Researchers at York University have discovered a new protein that might hold the answer to the problem of controlling blood sugar and appetite.
The protein is called nesfatin-1 and Suraj Unniappan, an associate professor in the York Department of Biology, Faculty of Science & Engineering, is exploring its characteristics. The protein occurs naturally in large amounts in the brain; Unniappan administered rats with the protein and found that they were more active and ate less while their metabolisms were more likely to use stored body fat to generate energy. The administration of the protein in rats and mice also stimulated pancreatic beta cells into secreting insulin.
“[The rats] actually ate more frequently but in lesser amounts,” said Unniappan, who was chosen by York’s neuroscience graduate diploma program and also received the Canadian Institutes of Health Research New Investigator Award. “In addition, they were more active and we found that their fatty acid oxidization was increased,” added Unniappan. “In other words, the energy reserve being preferably used during nesfatin-1 treatment was fat. This suggests more fat loss, which could eventually result in body weight loss.” The rats’ metabolisms switched to using fat as their preferred energy resource, making it more likely that body fat would be reduced through activity.
Unniappan’s findings were published in the form of two recent articles in Endocrinology and in the Journal of Endocrinology.
A research team from Japan discovered nesfatin-1 in 2006. It has been shown in the past that nesfatin-1 regulates appetite and the storage of body fat when it is injected into the brains of rats and mice.
Unniappan showed through his research that, in addition to regulating body fat, nesfatin-1 stimulates the islets of Langerhans in the pancreas into producing several hormones, including insulin. The pancreas then secretes the insulin into the bloodstream, which works to reduce blood sugar levels.
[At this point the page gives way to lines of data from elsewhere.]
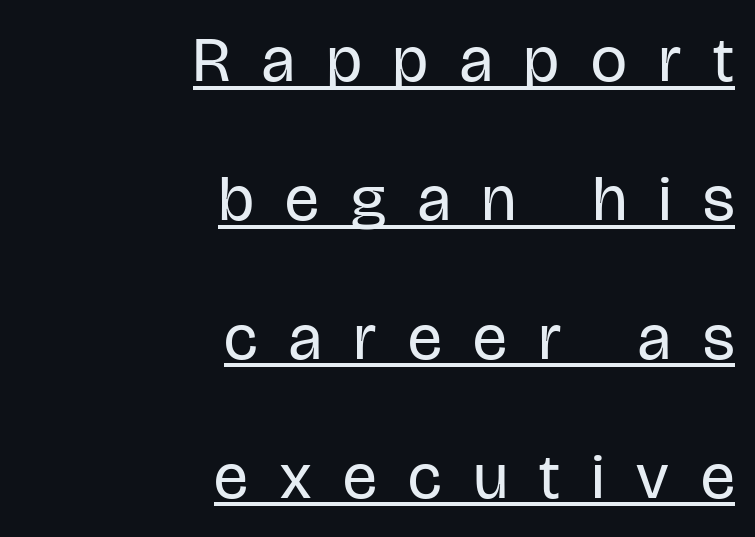
Think standard paragraph weight, or any step lighter than that. The paragraph shown leans on its right margin. The face used here is rendered with a markedly widened letterfit. This sample carries an underscore along the baseline area. This is the regular roman posture of the typeface.
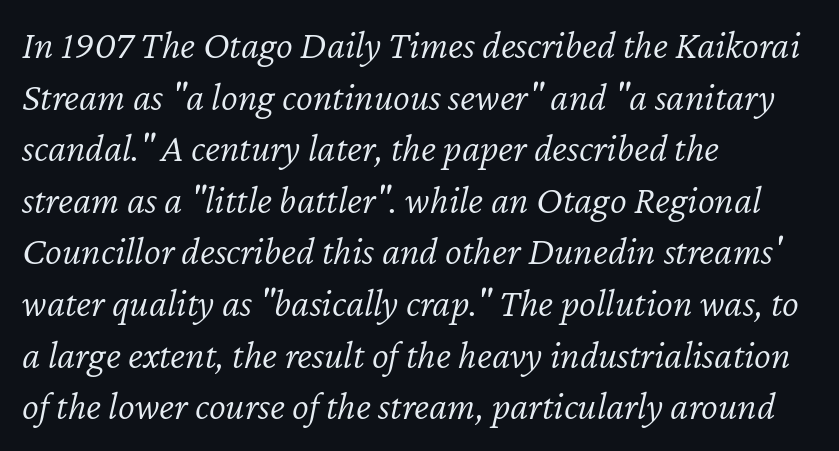
{"italic": "yes", "lean": "right", "slant_degrees": 12, "bold": "no", "weight": "light", "width": "normal", "stroke_contrast": "low", "x_height": "medium", "monospaced": "no", "underline": "no", "align": "left", "line_spacing": "normal", "line_spacing_ratio": 1.29, "letter_spacing": "normal", "letter_spacing_em": 0.0, "glyph_px": 40}
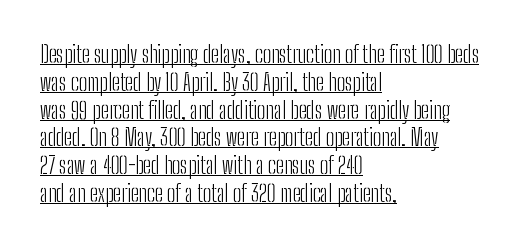
Q: Is the text bold? A: No.
Q: Is the text italic (slanted)? A: No, it is upright.
Q: Is the text underlined? A: Yes.
Q: How is the paragraph aligned? A: Left-aligned.
Q: Is the spacing between letters normal or unusually wide? A: Normal.
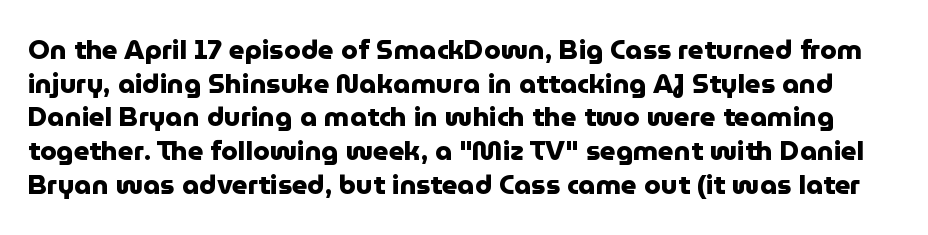
Q: Is the text bold? A: Yes.
Q: Is the text italic (slanted)? A: No, it is upright.
Q: Is the text underlined? A: No.
Q: Is the spacing between letters normal or unusually wide? A: Normal.
Q: Is the spacing between lines tight, normal or loose? A: Normal.
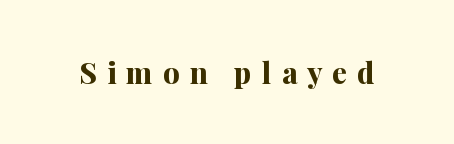
Q: Is the text bold? A: Yes.
Q: Is the text italic (slanted)? A: No, it is upright.
Q: Is the typeface a serif or a sans-serif typeface? A: Serif.
Q: Is the text underlined? A: No.
Q: Is the spacing between letters normal or unusually wide? A: Unusually wide.
Q: Width (condensed, normal, or wide)? A: Normal.
Q: Stroke contrast? A: Medium.
Q: x-height? A: Medium.
Q: Monospaced? A: No.
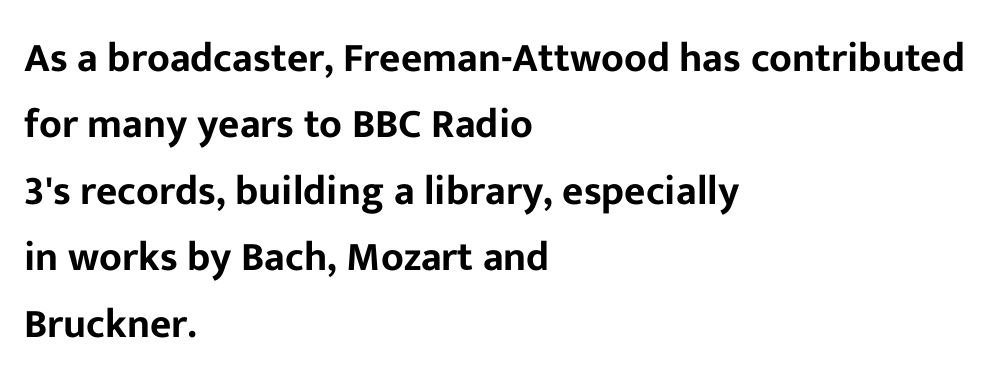
The image shows 41 px sans-serif type, upright; set left-aligned, normal line spacing (1.62x), normal letter spacing, not underlined; low stroke contrast and a medium x-height.
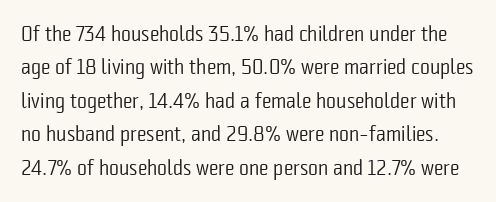
The image shows 21 px text type, upright; set normal line spacing (1.59x), normal letter spacing, not underlined.
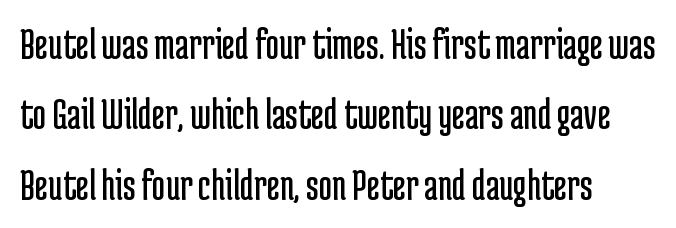
Q: Is the text bold? A: No.
Q: Is the text italic (slanted)? A: No, it is upright.
Q: Is the typeface a serif or a sans-serif typeface? A: Sans-serif.
Q: Is the text underlined? A: No.
Q: Is the spacing between letters normal or unusually wide? A: Normal.
Q: Is the spacing between lines tight, normal or loose? A: Normal.
Q: Width (condensed, normal, or wide)? A: Condensed.
Q: Stroke contrast? A: Low.
Q: x-height? A: Medium.
Q: Monospaced? A: No.
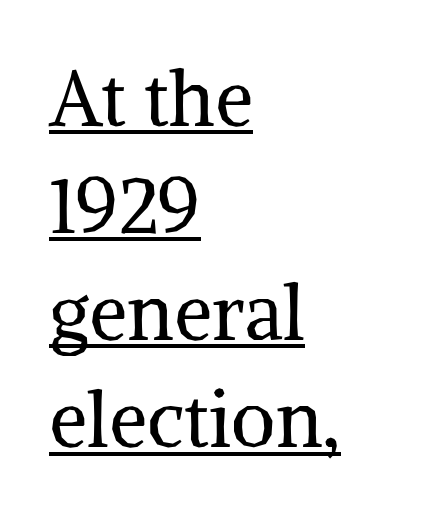
The image shows 77 px regular-weight serif type, upright; set left-aligned, normal line spacing (1.39x), normal letter spacing, underlined; medium stroke contrast and a medium x-height.
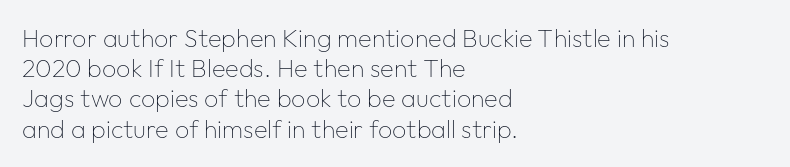
Q: Is the text bold? A: No.
Q: Is the text italic (slanted)? A: No, it is upright.
Q: Is the text underlined? A: No.
Q: How is the paragraph aligned? A: Left-aligned.
Q: Is the spacing between letters normal or unusually wide? A: Normal.
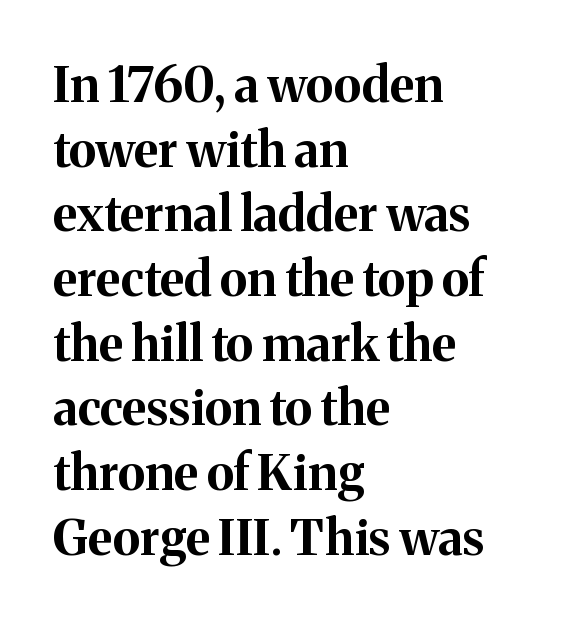
The paragraph has a hard left edge and a soft right edge. Observe the serifs anchoring each vertical stroke in this sample. Summary of vertical rhythm: regular, with standard interline spacing. Descenders are the only things crossing below the line. Looks like regular typesetting: each glyph gets only the width it needs. Emphasis by weight is at full strength: bold.
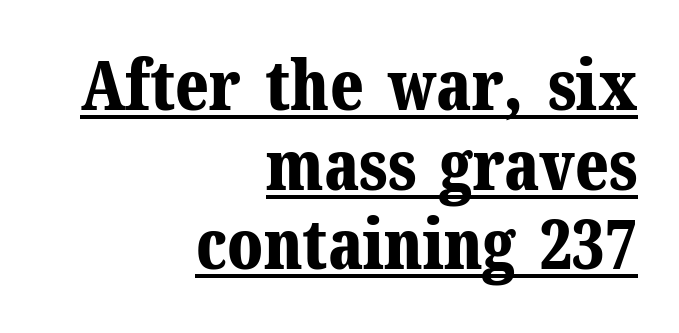
Q: Is the text bold? A: Yes.
Q: Is the text italic (slanted)? A: No, it is upright.
Q: Is the typeface a serif or a sans-serif typeface? A: Serif.
Q: Is the text underlined? A: Yes.
Q: How is the paragraph aligned? A: Right-aligned.
Q: Is the spacing between letters normal or unusually wide? A: Normal.
Q: Width (condensed, normal, or wide)? A: Normal.
Q: Stroke contrast? A: Medium.
Q: x-height? A: Medium.
Q: Monospaced? A: No.

Unniappan’s research team had previously shown the link between nesfatin-1 and diabetes in mice. Not only could nesfatin-1 be used to stimulate the production of insulin in mice, but the islets of Langerhans in mice with Type 1 diabetes showed decreased nesfatin-1 production while those in mice with Type 2 diabetes displayed increased nesfatin-1 production. In patients with Type 1 diabetes, the destruction of pancreatic cells causes the body to stop producing insulin while Type 2 diabetes sees patients becoming insulin resistant.
Unniappan focuses his research on discovering and analyzing metabolic hormones on fish and mammals. “We call this the gut-brain axis,” he says. “While the brain is involved in many factors that regulate our energy balance, the gut is also responsible for many neural and endocrine signals responsible for regulating hunger, satiety and blood sugar levels. A major question we’re trying to address is how these peptides act and interact with other peptides in the endocrine network – which is so complex – in order to maintain steady blood glucose levels and body weight.”
Unniappan believes that understanding this gut-brain axis is the key to developing new medications and treatments for obesity and diabetes. However, he warns that nesfatin-1 may not be used pharmacologically any time soon. “New hormone-based treatments that would suppress body weight and blood sugar would be very desirable. However, we are far from developing nesfatin-1 as a candidate molecule. Our current research focuses on further exploring the therapeutic potential of nesfatin-1 in metabolic diseases with debilitating complications.”